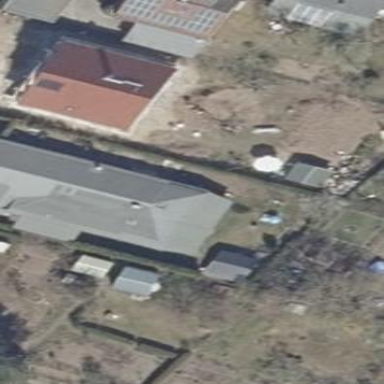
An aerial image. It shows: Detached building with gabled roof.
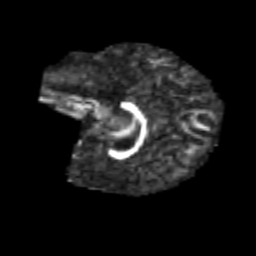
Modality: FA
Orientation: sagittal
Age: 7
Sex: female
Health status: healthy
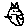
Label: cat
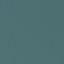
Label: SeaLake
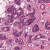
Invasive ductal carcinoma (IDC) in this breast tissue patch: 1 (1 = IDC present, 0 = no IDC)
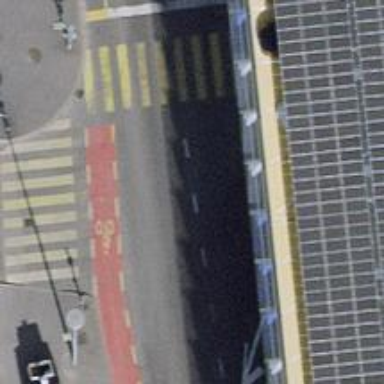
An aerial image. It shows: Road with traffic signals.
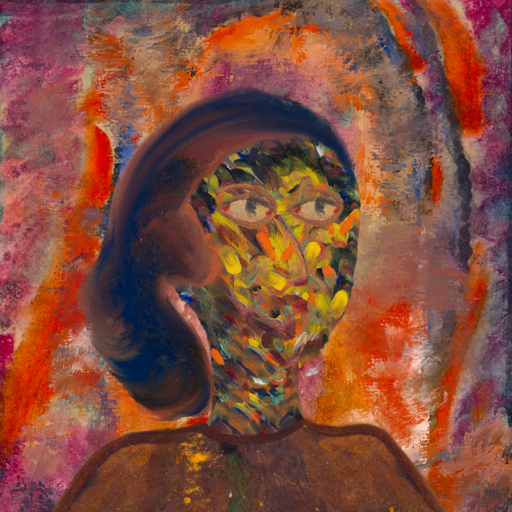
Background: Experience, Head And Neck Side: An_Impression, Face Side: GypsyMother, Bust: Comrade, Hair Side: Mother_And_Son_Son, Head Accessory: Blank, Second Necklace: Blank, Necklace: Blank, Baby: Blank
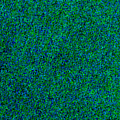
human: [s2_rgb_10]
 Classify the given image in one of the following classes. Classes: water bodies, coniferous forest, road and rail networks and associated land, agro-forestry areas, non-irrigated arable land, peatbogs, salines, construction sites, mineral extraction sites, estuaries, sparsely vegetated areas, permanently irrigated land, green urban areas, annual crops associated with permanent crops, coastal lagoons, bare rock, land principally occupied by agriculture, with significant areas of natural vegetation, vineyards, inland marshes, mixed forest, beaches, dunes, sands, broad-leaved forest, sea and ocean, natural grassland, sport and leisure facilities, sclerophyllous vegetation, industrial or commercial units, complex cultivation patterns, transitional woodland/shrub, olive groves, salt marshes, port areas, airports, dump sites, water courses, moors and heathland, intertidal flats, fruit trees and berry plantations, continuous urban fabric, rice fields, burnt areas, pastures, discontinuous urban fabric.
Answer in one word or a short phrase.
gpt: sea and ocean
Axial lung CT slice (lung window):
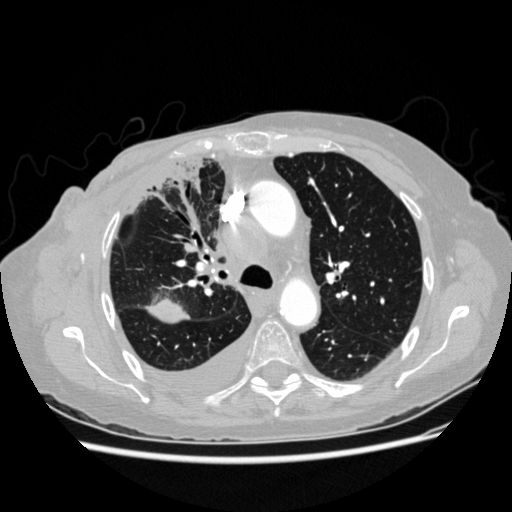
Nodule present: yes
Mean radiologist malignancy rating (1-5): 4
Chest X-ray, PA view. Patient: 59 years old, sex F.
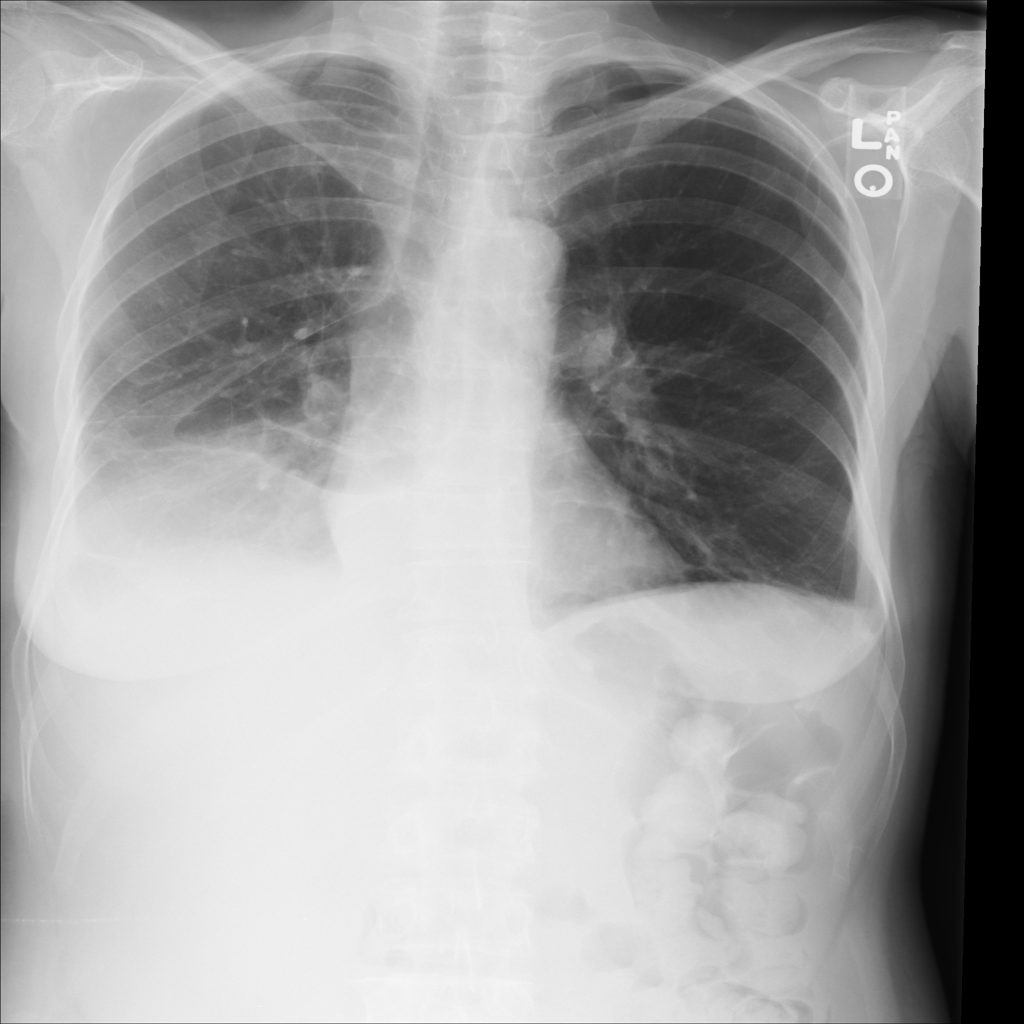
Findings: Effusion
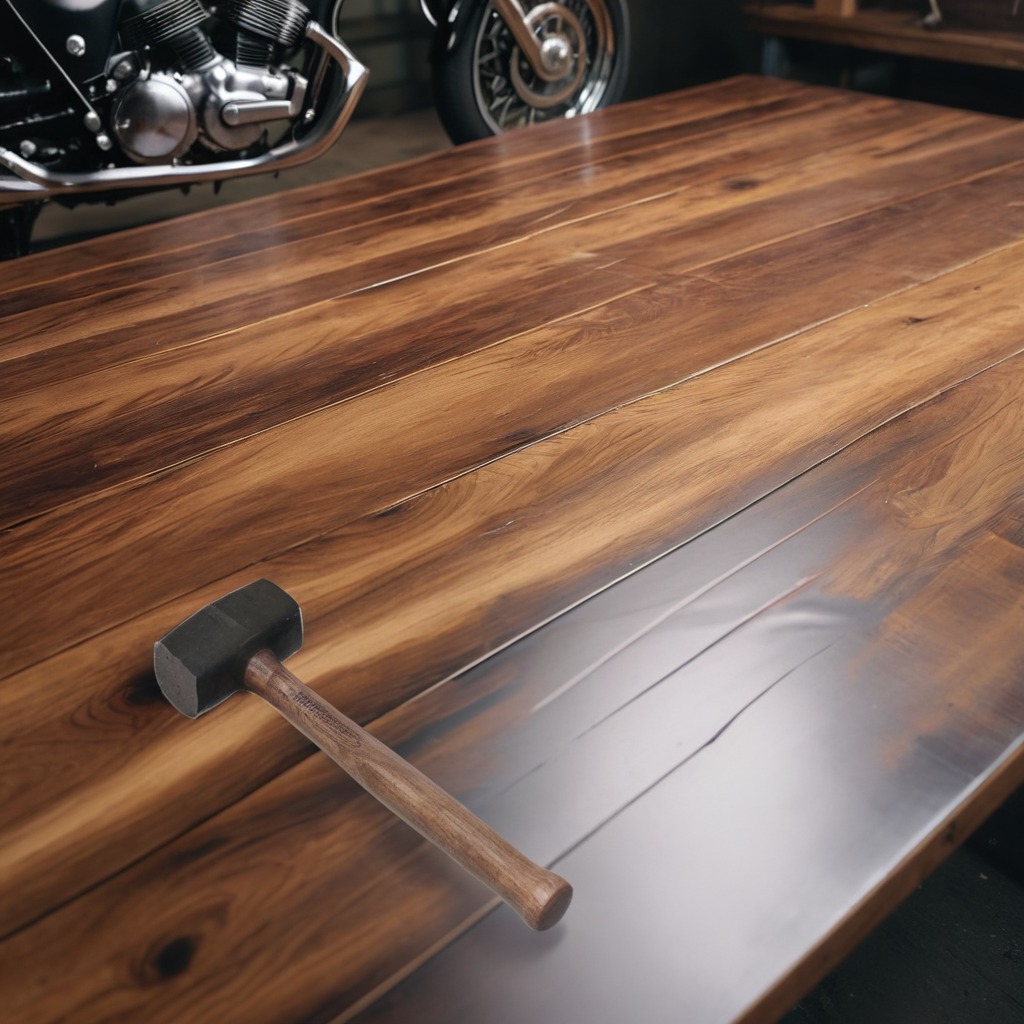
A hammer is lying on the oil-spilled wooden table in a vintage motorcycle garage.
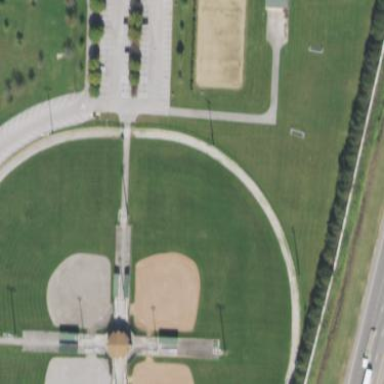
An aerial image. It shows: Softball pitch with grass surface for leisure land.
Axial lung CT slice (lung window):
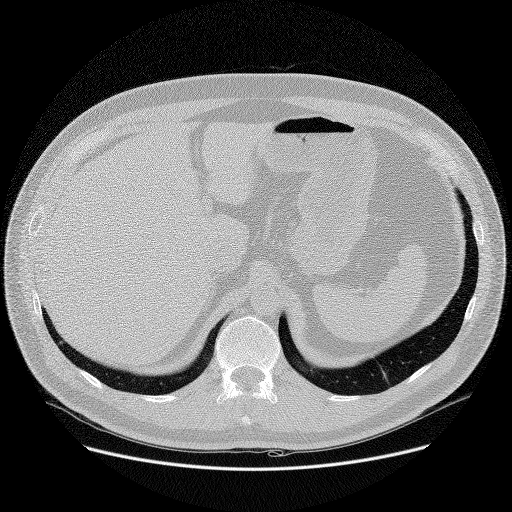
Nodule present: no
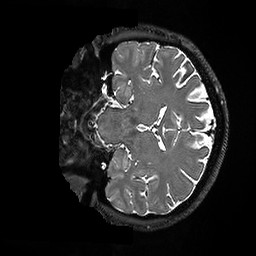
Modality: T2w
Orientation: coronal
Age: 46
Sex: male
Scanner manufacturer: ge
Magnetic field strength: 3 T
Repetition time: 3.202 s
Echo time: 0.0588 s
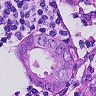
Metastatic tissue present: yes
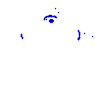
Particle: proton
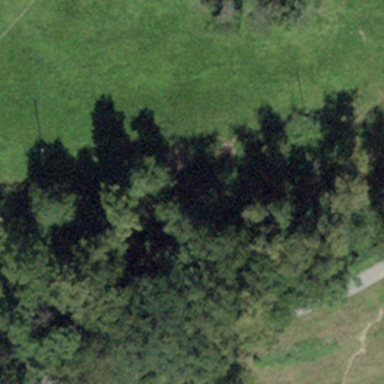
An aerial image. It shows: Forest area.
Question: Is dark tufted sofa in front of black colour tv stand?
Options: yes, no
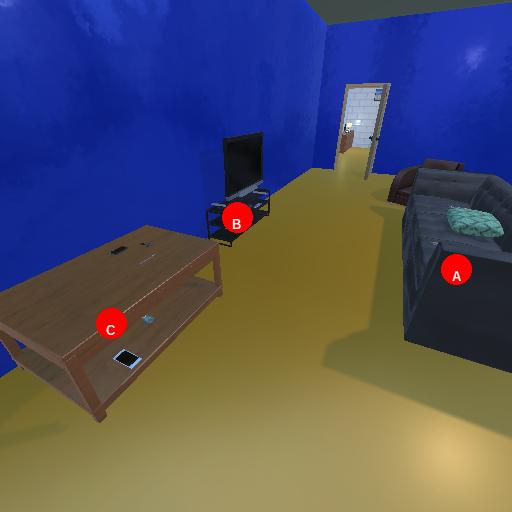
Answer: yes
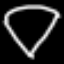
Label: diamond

══════

Exercise description :: Only exact lines belong in the answer: those from the beginning of the entries above through the line holding "human: [s2_rgb_10]", with no pictures.

Output below ::
An aerial image. It shows: Detached building with gabled roof.
Modality: FA
Orientation: sagittal
Age: 7
Sex: female
Health status: healthy
Label: cat
Label: SeaLake
Invasive ductal carcinoma (IDC) in this breast tissue patch: 1 (1 = IDC present, 0 = no IDC)
An aerial image. It shows: Road with traffic signals.
Background: Experience, Head And Neck Side: An_Impression, Face Side: GypsyMother, Bust: Comrade, Hair Side: Mother_And_Son_Son, Head Accessory: Blank, Second Necklace: Blank, Necklace: Blank, Baby: Blank
human: [s2_rgb_10]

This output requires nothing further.